*** Opening PROVIDED MATERIAL ***

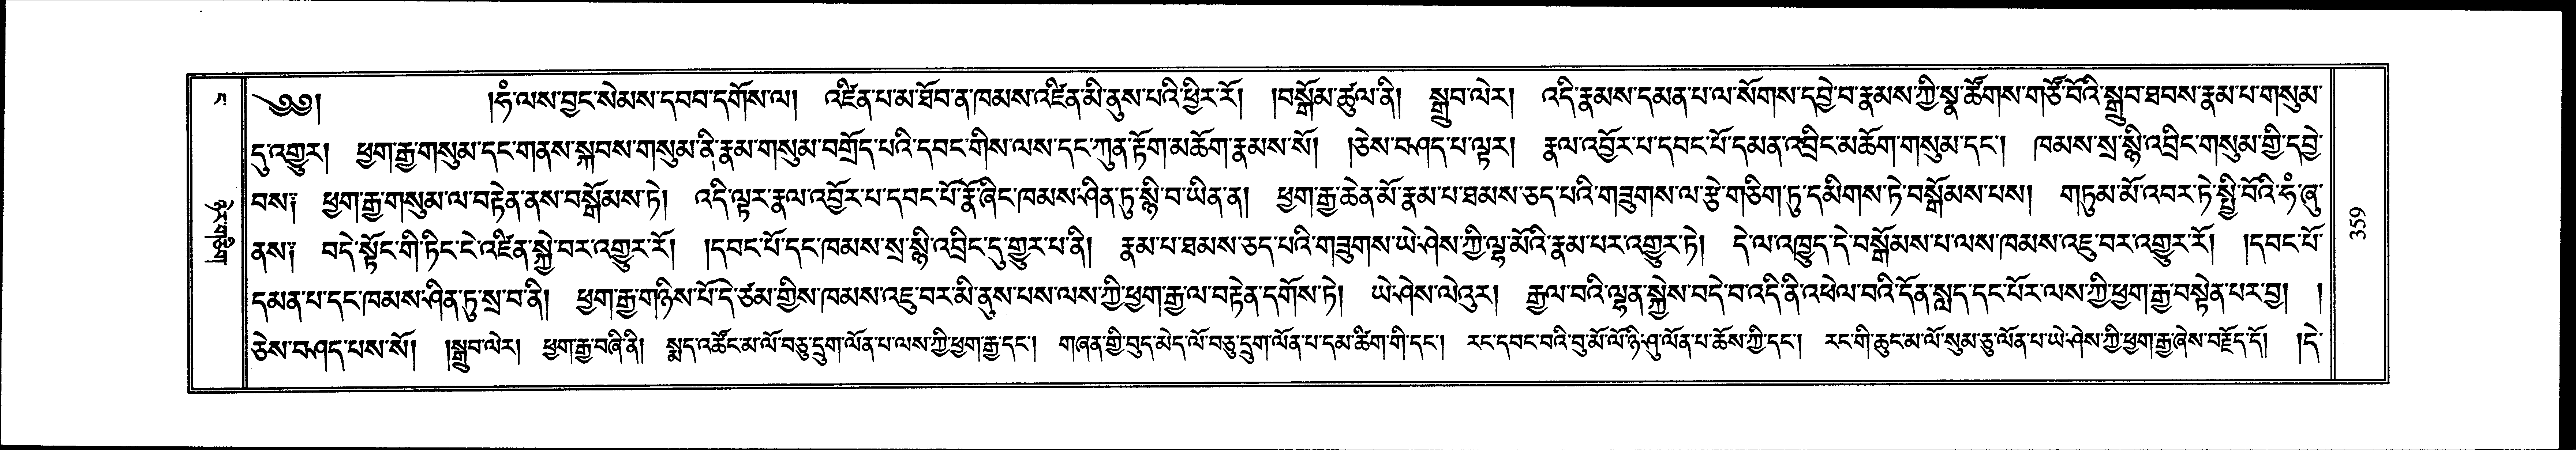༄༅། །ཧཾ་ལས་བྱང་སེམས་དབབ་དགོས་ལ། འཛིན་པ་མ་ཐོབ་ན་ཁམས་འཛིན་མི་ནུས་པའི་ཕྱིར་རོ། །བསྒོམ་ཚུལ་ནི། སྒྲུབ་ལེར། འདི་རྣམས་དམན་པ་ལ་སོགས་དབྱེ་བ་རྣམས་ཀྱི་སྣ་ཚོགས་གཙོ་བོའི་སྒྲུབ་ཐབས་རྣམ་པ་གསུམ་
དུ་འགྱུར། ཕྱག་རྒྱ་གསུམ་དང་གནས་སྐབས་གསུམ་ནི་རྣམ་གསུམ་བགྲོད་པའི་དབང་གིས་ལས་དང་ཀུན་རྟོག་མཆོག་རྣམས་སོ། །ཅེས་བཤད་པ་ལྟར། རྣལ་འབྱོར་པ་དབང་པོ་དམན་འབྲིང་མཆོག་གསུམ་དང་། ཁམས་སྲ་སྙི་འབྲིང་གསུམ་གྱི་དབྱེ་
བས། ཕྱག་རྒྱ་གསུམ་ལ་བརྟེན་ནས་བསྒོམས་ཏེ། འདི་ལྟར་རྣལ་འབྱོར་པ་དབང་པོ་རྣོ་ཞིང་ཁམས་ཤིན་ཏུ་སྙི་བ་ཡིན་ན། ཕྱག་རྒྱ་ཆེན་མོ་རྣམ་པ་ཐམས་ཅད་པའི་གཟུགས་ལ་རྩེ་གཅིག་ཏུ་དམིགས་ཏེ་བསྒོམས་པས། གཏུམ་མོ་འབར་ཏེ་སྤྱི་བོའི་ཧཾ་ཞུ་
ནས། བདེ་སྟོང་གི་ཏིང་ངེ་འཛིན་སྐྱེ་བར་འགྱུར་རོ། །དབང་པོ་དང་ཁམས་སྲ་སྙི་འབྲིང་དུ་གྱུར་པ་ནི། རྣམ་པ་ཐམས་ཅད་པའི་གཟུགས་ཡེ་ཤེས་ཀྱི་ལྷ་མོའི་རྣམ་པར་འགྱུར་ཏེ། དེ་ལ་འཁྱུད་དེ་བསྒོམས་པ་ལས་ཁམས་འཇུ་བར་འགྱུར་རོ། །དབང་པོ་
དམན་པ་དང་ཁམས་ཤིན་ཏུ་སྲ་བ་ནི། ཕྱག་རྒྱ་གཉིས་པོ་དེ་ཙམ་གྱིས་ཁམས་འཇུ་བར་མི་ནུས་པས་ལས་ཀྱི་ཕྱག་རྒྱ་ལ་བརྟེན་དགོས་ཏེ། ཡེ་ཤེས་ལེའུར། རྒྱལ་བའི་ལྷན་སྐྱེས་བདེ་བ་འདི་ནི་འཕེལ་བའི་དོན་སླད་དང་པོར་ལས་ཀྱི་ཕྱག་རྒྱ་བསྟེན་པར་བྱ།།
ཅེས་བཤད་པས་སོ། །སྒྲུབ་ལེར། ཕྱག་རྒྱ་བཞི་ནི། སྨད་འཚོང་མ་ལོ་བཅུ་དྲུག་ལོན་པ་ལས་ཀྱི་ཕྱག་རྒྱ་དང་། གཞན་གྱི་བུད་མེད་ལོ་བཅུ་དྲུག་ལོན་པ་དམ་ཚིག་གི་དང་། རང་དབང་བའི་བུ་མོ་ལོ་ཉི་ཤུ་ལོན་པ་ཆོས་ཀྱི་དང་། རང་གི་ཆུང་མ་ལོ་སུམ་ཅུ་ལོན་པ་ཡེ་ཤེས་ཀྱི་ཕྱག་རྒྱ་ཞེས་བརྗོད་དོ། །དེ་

*** Closing PROVIDED MATERIAL ***

WHAT TO DO - Your copy should match the records above word for word, but without images.

EXPECTED ANSWER -
༄༅། །ཧཾ་ལས་བྱང་སེམས་དབབ་དགོས་ལ། འཛིན་པ་མ་ཐོབ་ན་ཁམས་འཛིན་མི་ནུས་པའི་ཕྱིར་རོ། །བསྒོམ་ཚུལ་ནི། སྒྲུབ་ལེར། འདི་རྣམས་དམན་པ་ལ་སོགས་དབྱེ་བ་རྣམས་ཀྱི་སྣ་ཚོགས་གཙོ་བོའི་སྒྲུབ་ཐབས་རྣམ་པ་གསུམ་
དུ་འགྱུར། ཕྱག་རྒྱ་གསུམ་དང་གནས་སྐབས་གསུམ་ནི་རྣམ་གསུམ་བགྲོད་པའི་དབང་གིས་ལས་དང་ཀུན་རྟོག་མཆོག་རྣམས་སོ། །ཅེས་བཤད་པ་ལྟར། རྣལ་འབྱོར་པ་དབང་པོ་དམན་འབྲིང་མཆོག་གསུམ་དང་། ཁམས་སྲ་སྙི་འབྲིང་གསུམ་གྱི་དབྱེ་
བས། ཕྱག་རྒྱ་གསུམ་ལ་བརྟེན་ནས་བསྒོམས་ཏེ། འདི་ལྟར་རྣལ་འབྱོར་པ་དབང་པོ་རྣོ་ཞིང་ཁམས་ཤིན་ཏུ་སྙི་བ་ཡིན་ན། ཕྱག་རྒྱ་ཆེན་མོ་རྣམ་པ་ཐམས་ཅད་པའི་གཟུགས་ལ་རྩེ་གཅིག་ཏུ་དམིགས་ཏེ་བསྒོམས་པས། གཏུམ་མོ་འབར་ཏེ་སྤྱི་བོའི་ཧཾ་ཞུ་
ནས། བདེ་སྟོང་གི་ཏིང་ངེ་འཛིན་སྐྱེ་བར་འགྱུར་རོ། །དབང་པོ་དང་ཁམས་སྲ་སྙི་འབྲིང་དུ་གྱུར་པ་ནི། རྣམ་པ་ཐམས་ཅད་པའི་གཟུགས་ཡེ་ཤེས་ཀྱི་ལྷ་མོའི་རྣམ་པར་འགྱུར་ཏེ། དེ་ལ་འཁྱུད་དེ་བསྒོམས་པ་ལས་ཁམས་འཇུ་བར་འགྱུར་རོ། །དབང་པོ་
དམན་པ་དང་ཁམས་ཤིན་ཏུ་སྲ་བ་ནི། ཕྱག་རྒྱ་གཉིས་པོ་དེ་ཙམ་གྱིས་ཁམས་འཇུ་བར་མི་ནུས་པས་ལས་ཀྱི་ཕྱག་རྒྱ་ལ་བརྟེན་དགོས་ཏེ། ཡེ་ཤེས་ལེའུར། རྒྱལ་བའི་ལྷན་སྐྱེས་བདེ་བ་འདི་ནི་འཕེལ་བའི་དོན་སླད་དང་པོར་ལས་ཀྱི་ཕྱག་རྒྱ་བསྟེན་པར་བྱ།།
ཅེས་བཤད་པས་སོ། །སྒྲུབ་ལེར། ཕྱག་རྒྱ་བཞི་ནི། སྨད་འཚོང་མ་ལོ་བཅུ་དྲུག་ལོན་པ་ལས་ཀྱི་ཕྱག་རྒྱ་དང་། གཞན་གྱི་བུད་མེད་ལོ་བཅུ་དྲུག་ལོན་པ་དམ་ཚིག་གི་དང་། རང་དབང་བའི་བུ་མོ་ལོ་ཉི་ཤུ་ལོན་པ་ཆོས་ཀྱི་དང་། རང་གི་ཆུང་མ་ལོ་སུམ་ཅུ་ལོན་པ་ཡེ་ཤེས་ཀྱི་ཕྱག་རྒྱ་ཞེས་བརྗོད་དོ། །དེ་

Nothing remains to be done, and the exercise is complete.